**Data supplied:**
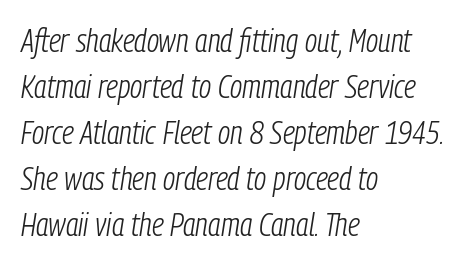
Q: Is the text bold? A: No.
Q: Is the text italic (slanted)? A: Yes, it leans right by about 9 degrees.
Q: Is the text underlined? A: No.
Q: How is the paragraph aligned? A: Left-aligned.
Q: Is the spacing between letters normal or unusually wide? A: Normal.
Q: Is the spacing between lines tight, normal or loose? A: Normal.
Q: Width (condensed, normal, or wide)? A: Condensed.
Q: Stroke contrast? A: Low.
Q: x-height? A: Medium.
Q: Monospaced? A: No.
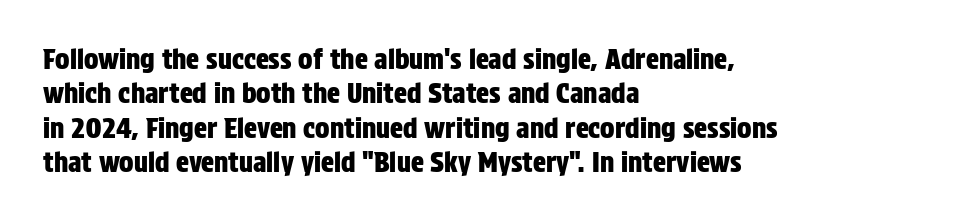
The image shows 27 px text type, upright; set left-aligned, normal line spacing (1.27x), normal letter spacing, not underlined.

---

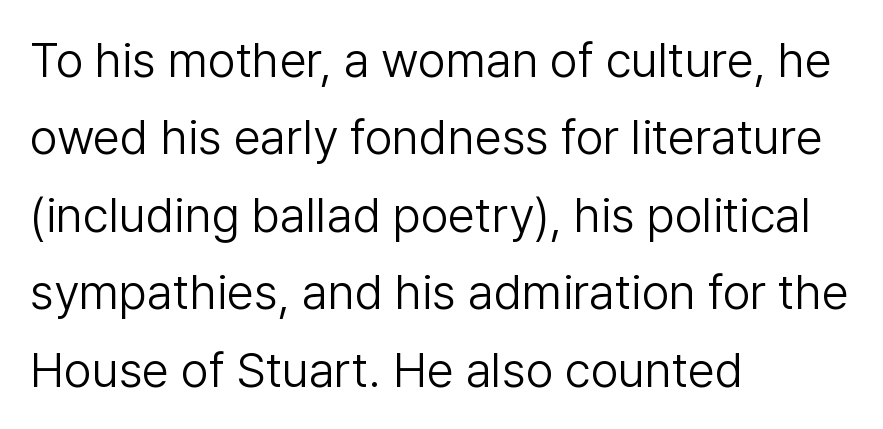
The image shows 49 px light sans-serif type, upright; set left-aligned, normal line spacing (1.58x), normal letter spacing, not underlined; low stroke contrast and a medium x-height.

**What is needed:**
Among the entries above, find the line with "Q: Is the text bold? A: No." and repeat exactly from there through the line with "The image shows 27", leaving out the pictures.

**Exercise result:**
Q: Is the text bold? A: No.
Q: Is the text italic (slanted)? A: Yes, it leans right by about 9 degrees.
Q: Is the text underlined? A: No.
Q: How is the paragraph aligned? A: Left-aligned.
Q: Is the spacing between letters normal or unusually wide? A: Normal.
Q: Is the spacing between lines tight, normal or loose? A: Normal.
Q: Width (condensed, normal, or wide)? A: Condensed.
Q: Stroke contrast? A: Low.
Q: x-height? A: Medium.
Q: Monospaced? A: No.
The image shows 27 px text type, upright; set left-aligned, normal line spacing (1.27x), normal letter spacing, not underlined.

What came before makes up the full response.